虽然主家卖身契在手,由于没有到官府备案,不具备法律效力,因此主家对私奴的约束力完全取决于主家的权势,卖身契也可以由“假”变“真”。当然像林黛玉这样没有权势孤苦伶仃的弱女子是不可能拥有这样的“私奴”的,因为她根本无力驾驭私奴,这个所谓的卖身契就等于废纸一张。

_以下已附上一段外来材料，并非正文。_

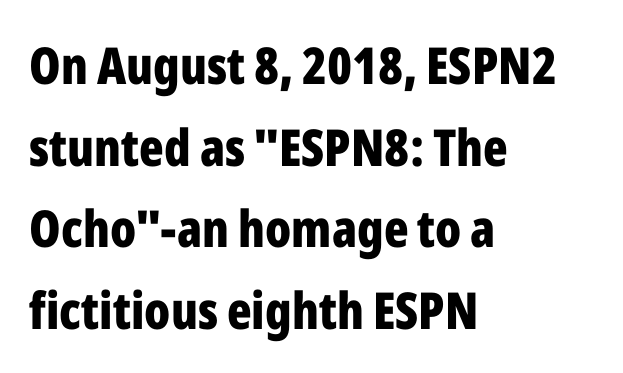
Interline gaps are of average width in this sample. This rendering uses left alignment, leaving the right contour irregular. Each glyph is drawn with heavy, bold strokes. This rendering features lettering with no underline. No extra tracking has been applied to these lines. A roman cut, with each character standing at attention.
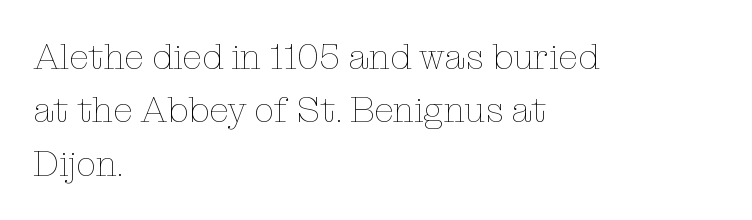
The image shows 36 px thin type, upright; set left-aligned, normal line spacing (1.48x), normal letter spacing, not underlined; low stroke contrast and a medium x-height.
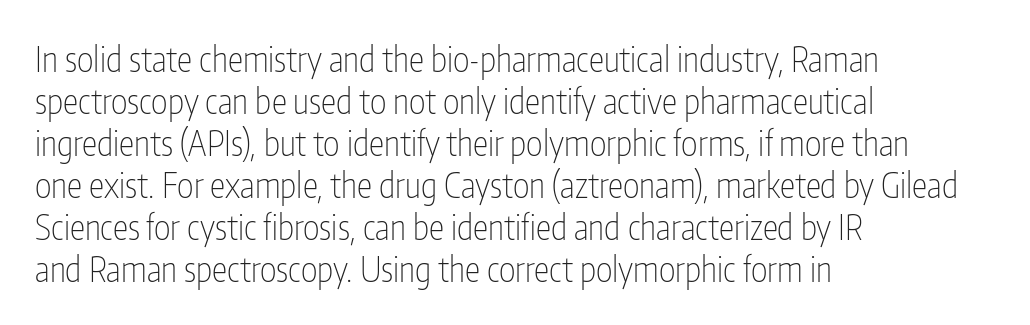
The image shows 35 px thin, condensed sans-serif type, upright; set left-aligned, line spacing 1.2x, normal letter spacing, not underlined; low stroke contrast and a medium x-height.
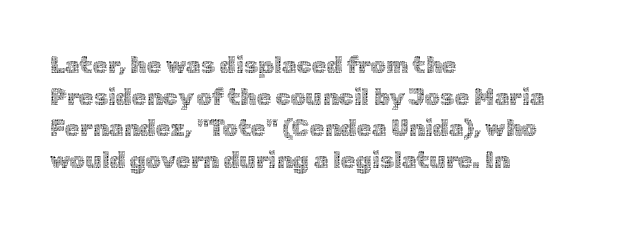
Q: Is the text bold? A: No.
Q: Is the text italic (slanted)? A: No, it is upright.
Q: Is the text underlined? A: No.
Q: How is the paragraph aligned? A: Left-aligned.
Q: Is the spacing between letters normal or unusually wide? A: Normal.
Q: Is the spacing between lines tight, normal or loose? A: Normal.
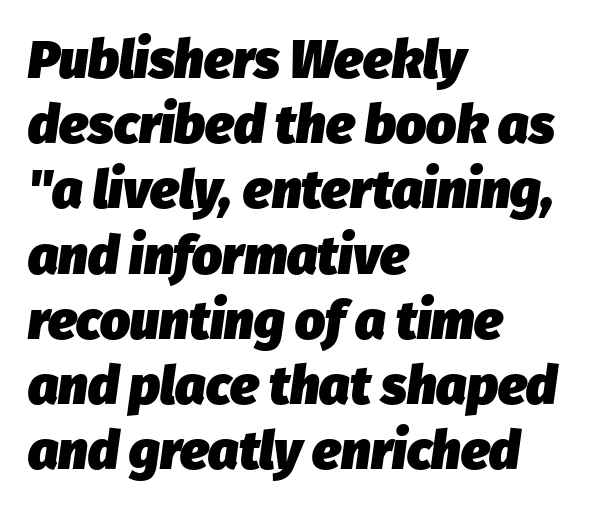
Q: Is the text bold? A: Yes.
Q: Is the text italic (slanted)? A: Yes, it leans right by about 8 degrees.
Q: Is the text underlined? A: No.
Q: How is the paragraph aligned? A: Left-aligned.
Q: Is the spacing between letters normal or unusually wide? A: Normal.
Q: Width (condensed, normal, or wide)? A: Normal.
Q: Stroke contrast? A: Low.
Q: x-height? A: Medium.
Q: Monospaced? A: No.
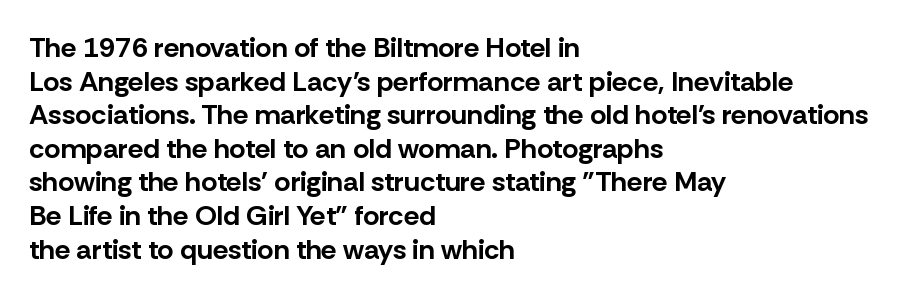
The image shows 28 px bold sans-serif type, upright; set left-aligned, line spacing 1.2x, normal letter spacing, not underlined; low stroke contrast and a medium x-height.
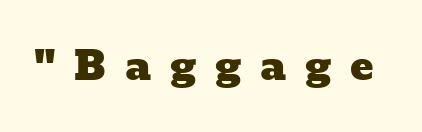
You could only call the tracking loose — the letters float apart. The letters advance in unequal steps, a hallmark of proportional type. The face used here is seriffed, in the tradition of book romans. The space directly below the letters is spotless.
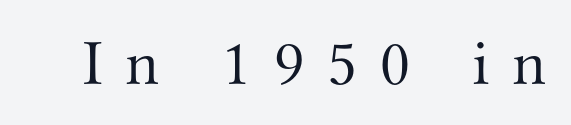
Q: Is the text bold? A: No.
Q: Is the text italic (slanted)? A: No, it is upright.
Q: Is the typeface a serif or a sans-serif typeface? A: Serif.
Q: Is the text underlined? A: No.
Q: Is the spacing between letters normal or unusually wide? A: Unusually wide.
Q: Width (condensed, normal, or wide)? A: Normal.
Q: Stroke contrast? A: Medium.
Q: x-height? A: Small.
Q: Monospaced? A: No.
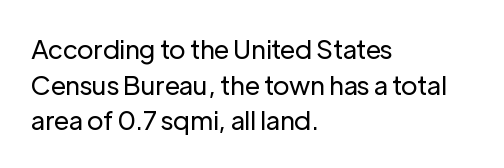
Q: Is the text bold? A: No.
Q: Is the text italic (slanted)? A: No, it is upright.
Q: Is the text underlined? A: No.
Q: How is the paragraph aligned? A: Left-aligned.
Q: Is the spacing between letters normal or unusually wide? A: Normal.
Q: Is the spacing between lines tight, normal or loose? A: Normal.
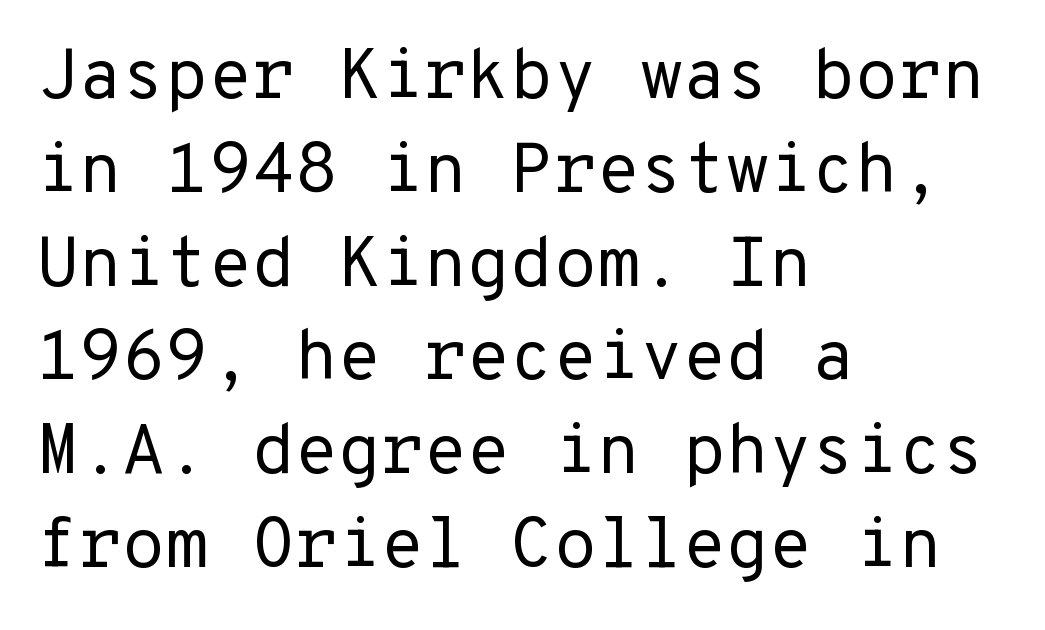
Q: Is the text bold? A: No.
Q: Is the text italic (slanted)? A: No, it is upright.
Q: Is the typeface a serif or a sans-serif typeface? A: Sans-serif.
Q: Is the text underlined? A: No.
Q: How is the paragraph aligned? A: Left-aligned.
Q: Is the spacing between letters normal or unusually wide? A: Normal.
Q: Is the spacing between lines tight, normal or loose? A: Normal.
Q: Width (condensed, normal, or wide)? A: Normal.
Q: Stroke contrast? A: Low.
Q: x-height? A: Medium.
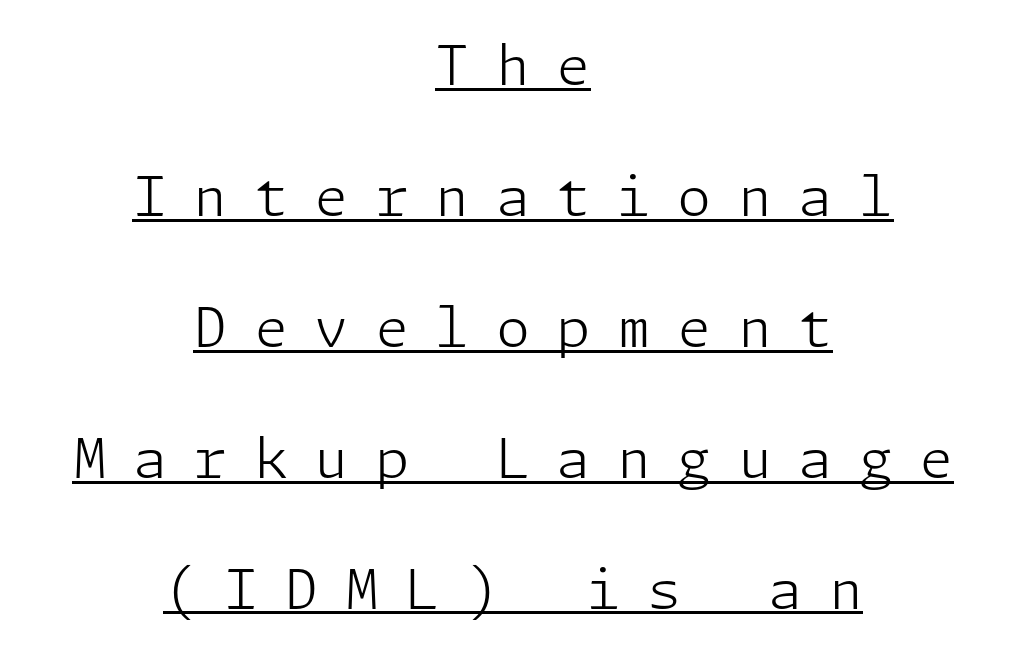
The image shows 55 px light sans-serif type, upright; set centered, loose line spacing (2.38x), unusually wide letter spacing (+0.48 em), underlined; low stroke contrast and a medium x-height.
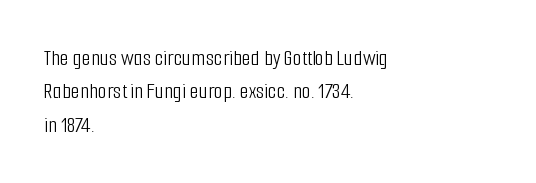
Q: Is the text bold? A: No.
Q: Is the text italic (slanted)? A: No, it is upright.
Q: Is the text underlined? A: No.
Q: How is the paragraph aligned? A: Left-aligned.
Q: Is the spacing between letters normal or unusually wide? A: Normal.
Q: Is the spacing between lines tight, normal or loose? A: Normal.
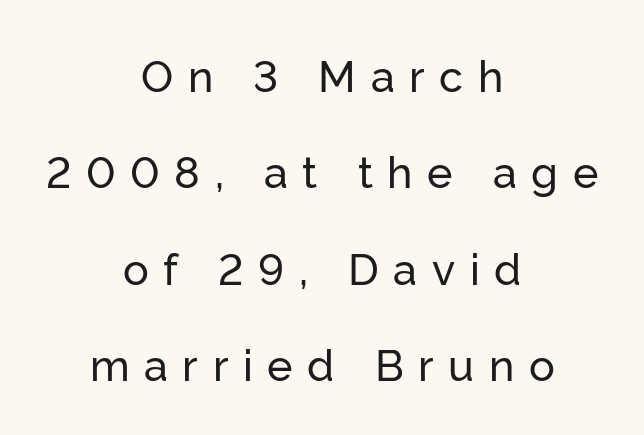
{"serif": "no", "italic": "no", "width": "normal", "stroke_contrast": "low", "x_height": "medium", "monospaced": "no", "underline": "no", "align": "center", "line_spacing": "loose", "line_spacing_ratio": 2.24, "letter_spacing": "wide", "letter_spacing_em": 0.34, "glyph_px": 43}
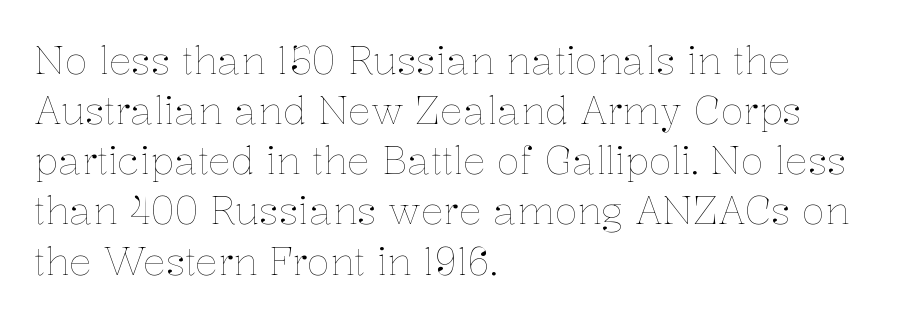
The image shows 38 px thin type, upright; set left-aligned, normal line spacing (1.32x), normal letter spacing, not underlined; low stroke contrast and a medium x-height.
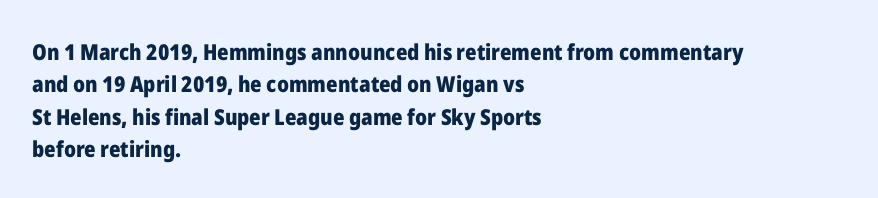
{"italic": "no", "bold": "yes", "underline": "no", "align": "left", "line_spacing": "normal", "line_spacing_ratio": 1.47, "letter_spacing": "normal", "letter_spacing_em": 0.0, "glyph_px": 22}

相反如果将卖身契掏钱到官府备档,奴才的身份就铁板钉钉,沦为了“贱民”,有很多身为平民的权利享受不到。而且纵然以后出现奴大欺主的事情,只要将手中的卖身契往官府一递,一般做官的家里都是呼奴唤仆的,对这种事情基本上都会起“同仇敌忾”之心,这奴才的下场好不了,就算做官的昏庸,被钱财所惑,主家讨不到好去奴才也落不得什么好处,毕竟贱民的身份在那里摆着,很有可能是两败俱伤。

一旦落到了奴籍,纵然以后有钱来赎,和人交往中也低人一截,被人瞧不起,这种赎了身的奴才虽然变成了平民,可是身份地位却介于平民和贱民之间,就如同马和驴之间的品种骡子。对于这些王嬷嬷再清楚不过,虽然她为了确保王通的忠诚让他对林黛玉签下卖身契,可是身为慈母的拳拳爱子之心又不想让秘书的儿子沦为贱籍,所以才有此恳求。

不等林黛玉回答,王嬷嬷又补上一句:“姑娘尽管放心,我绝对不会和通儿说,他也不会知道。”

对上王嬷嬷充满期待的眼神,林黛玉看了看手上王通卖身为奴于林家的卖身契,点点头答应了,王嬷嬷看见林黛玉应允,立刻喜笑颜开,笑得如是同一朵花。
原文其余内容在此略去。